What's with these new lids? It's the EU's next step to cut down on single-use plastics

The new bottle design makes consumers dispose of the container and the cap at the same time.

REMEMBER PLASTIC STRAWS? Well wave goodbye to ‘untethered caps’ as the same EU law that made it so we had to use paper straws is now coming after our lids.

The EU Directive on single-use plastics encourages citizens to cut down and properly dispose of plastic materials. In 2019, the first enforcement of this directive came in when the Government decided State bodies would no longer purchase single-use plastic.

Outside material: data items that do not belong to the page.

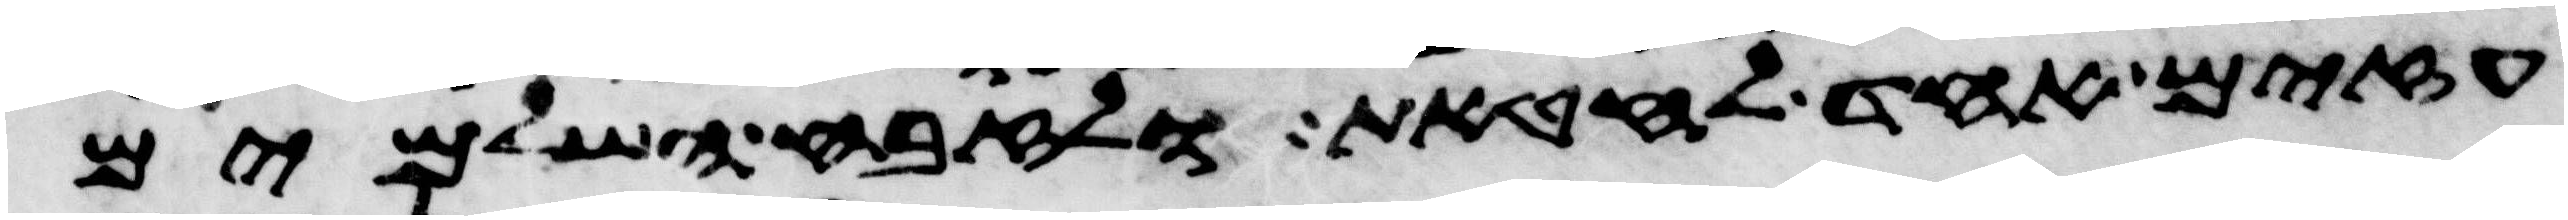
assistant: עזים אחד לחטאת ולזבח השלמים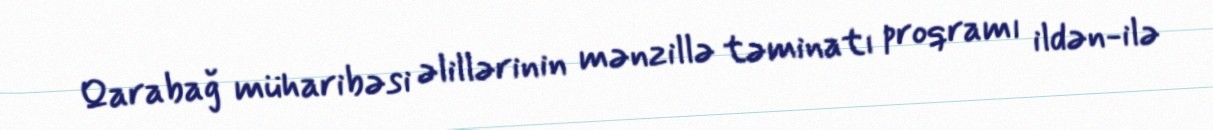
Qarabağ müharibəsi əlillərinin mənzillə təminatı proqramı ildən-ilə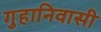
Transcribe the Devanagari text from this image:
गुहानिवासी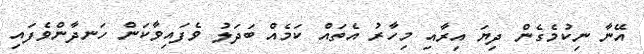
އޭނާ ނިކުމެގެން ދިޔަ އިރާއި މިހާރު އެތައް ކަމެއް ބަދަލު ވެފައިވާކަން ހަނދާންވެފައި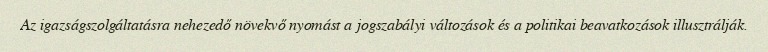
Az igazságszolgáltatásra nehezedő növekvő nyomást a jogszabályi változások és a politikai beavatkozások illusztrálják.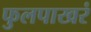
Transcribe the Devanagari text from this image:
फुलपाखरं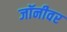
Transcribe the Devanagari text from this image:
जॉनीवर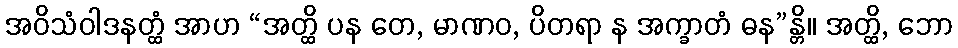
အဝိသံဝါဒနတ္ထံ အာဟ “အတ္ထိ ပန တေ, မာဏဝ, ပိတရာ န အက္ခာတံ ဓန”န္တိ။ အတ္ထိ, ဘော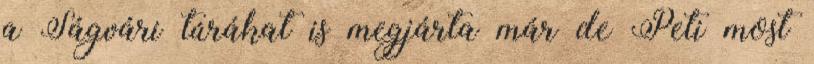
a Ságvári túrákat is megjárta már de Peti most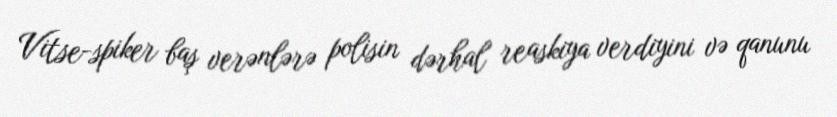
Vitse-spiker baş verənlərə polisin dərhal reaskiya verdiyini və qanunu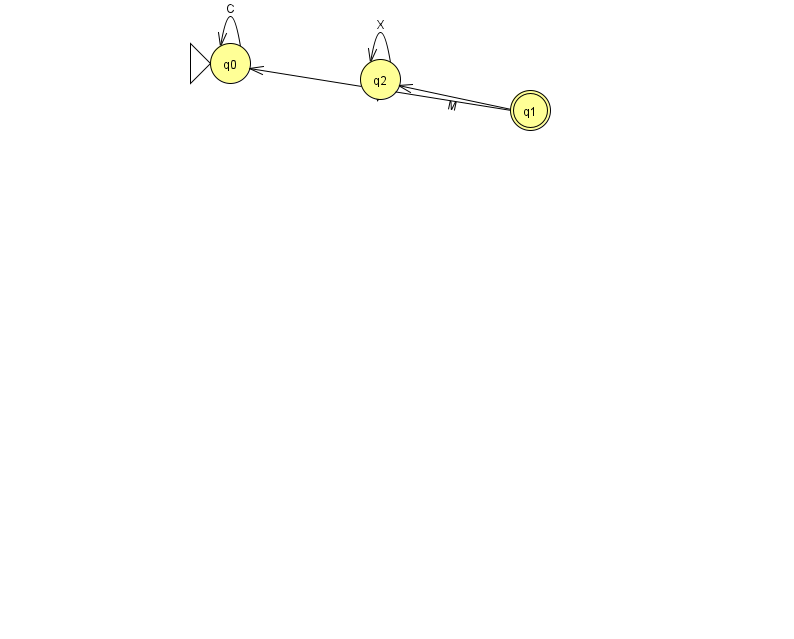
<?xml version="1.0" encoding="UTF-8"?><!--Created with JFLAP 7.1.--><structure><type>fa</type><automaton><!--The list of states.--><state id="0" name="q0"><x>230.0</x><y>50.0</y><initial/></state><state id="1" name="q1"><x>530.0</x><y>97.0</y><final/></state><state id="2" name="q2"><x>380.0</x><y>66.0</y></state><!--The list of transitions.--><transition><from>0</from><to>0</to><read>C</read></transition><transition><from>1</from><to>2</to><read>M</read></transition><transition><from>1</from><to>0</to><read>V</read></transition><transition><from>2</from><to>2</to><read>X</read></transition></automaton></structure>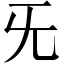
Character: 旡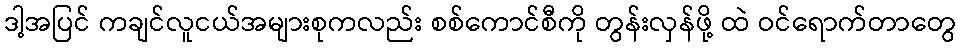
ဒါ့အပြင် ကချင်လူငယ်အများစုကလည်း စစ်ကောင်စီကို တွန်းလှန်ဖို့ ထဲ ဝင်ရောက်တာတွေ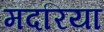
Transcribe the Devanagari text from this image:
मदरिया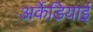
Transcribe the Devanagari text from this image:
अर्केडियाई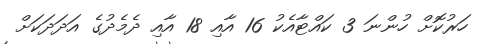
ހަރުކޮށް ހުންނަ 3 ކައްޓާއެކު 16 އާއި 18 އާއި ދެމެދުގެ އަދަދަކަށް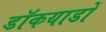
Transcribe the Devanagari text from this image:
डॉकयाडों
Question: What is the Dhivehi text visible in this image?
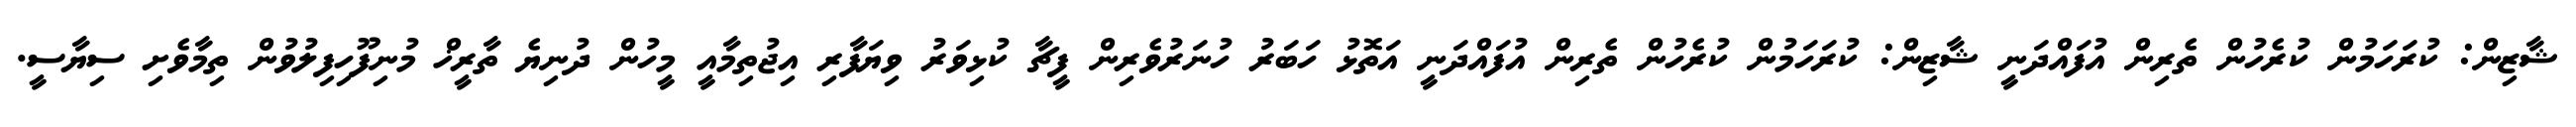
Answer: ޝާޒިން: ކުރަހަމުން ކުރެހުން ތެރިން އުފައްދަނީ ޝާޒިން: ކުރަހަމުން ކުރެހުން ތެރިން އުފައްދަނީ އަތޮޅު ހަބަރު ހުނަރުވެރިން ފީޗާ ކުޅިވަރު ވިޔަފާރި އިޖުތިމާއީ މީހުން ދުނިޔެ ތާރީޚް މުނިފޫހިފިލުވުން ތިމާވެށި ސިޔާސީ.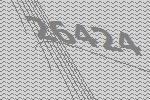
26424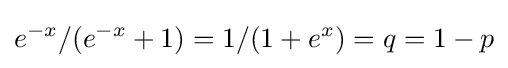
e^{-x}/(e^{-x}+1)=1/(1+e^{x})=q=1-p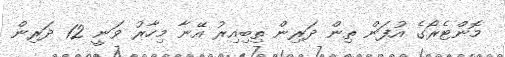
މޮންޓެރޯގެ އުފަން ތިން ދަރިން ތިބިއިރު އޭނާ މިހާރު ވަނީ 12 ދަރިން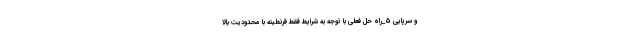
و سرپایی ۵_راه حل فعلی با توجه به شرایط فقط قرنطینه با محدودیت بالا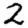
Digit: 2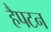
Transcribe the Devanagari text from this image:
हैपटन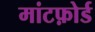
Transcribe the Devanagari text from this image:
मांटफ़ोर्ड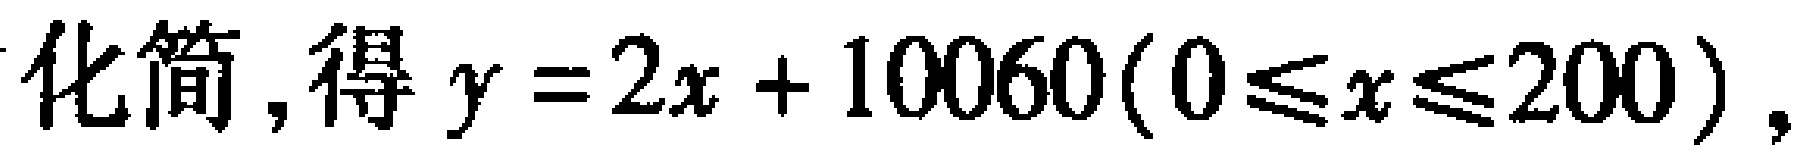
化简, 得 \(y = 2x + 10060(0\leqslant x\leqslant 200)\)，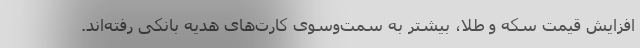
افزایش قیمت سکه و طلا، بیشتر به سمت‌وسوی کارت‌های هدیه بانکی رفته‌اند.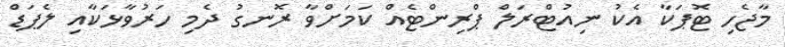
މާޖެހި ޓޮޕަކާ އެކު ނިއުޓްރަލް ޕްރިންޓެއް ކަމަށްވާ ރޮނގު ދެމި ހަރުވާޅަކާއި ލެޕަޑް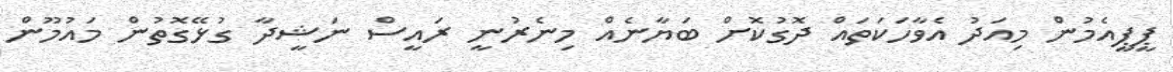
ޕީޕީއެމުން މިއަދު އެވާހަކަތައް ދޮގުކޮށް ބަޔާނެއް މިނެރުނީ ރައީސް ނަޝީދާ ގުޅޭގޮތުން މައުމޫން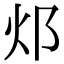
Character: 邩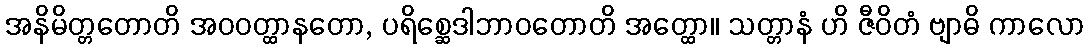
အနိမိတ္တတောတိ အဝဝတ္ထာနတော, ပရိစ္ဆေဒါဘာဝတောတိ အတ္ထော။ သတ္တာနံ ဟိ ဇီဝိတံ ဗျာဓိ ကာလော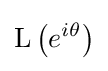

As well as cutting down on their use, the directive, adopted in 2019 and lay out guidelines and timelines to member states to adopt and create new laws, aims to change how plastic products are designed. 

In the case of the plastic caps, which according to the EU are discarded on “most of the beaches in the Union”, this meant making it so that you must dispose of the bottle and the cap together.

To tackle the vast amount of plastic lids that are not properly disposed of in the EU, the directive sets out that companies must fulfil specific product design requirements so that the cap and the bottle are discarded together.

Metal and glass containers are exempt from the EU guidelines.

Companies, namely Coca-Cola, introduced their new design earlier this year and began rolling out the new bottles in February. By May, the Wall Street Journal had reported that the new bottle caps keep “hitting soda drinkers in the face“.

The soft drinks company claimed that the new design was part of their ‘World Without Waste journey’. The announcement came just a few weeks ahead of this phase of the EU directive coming into force.

The directive does intend to go further, banning plastic sticks for balloons, reduce the use of plastic food containers – especially for fruit in supermarkets – and an outright ban on single-use cotton buds.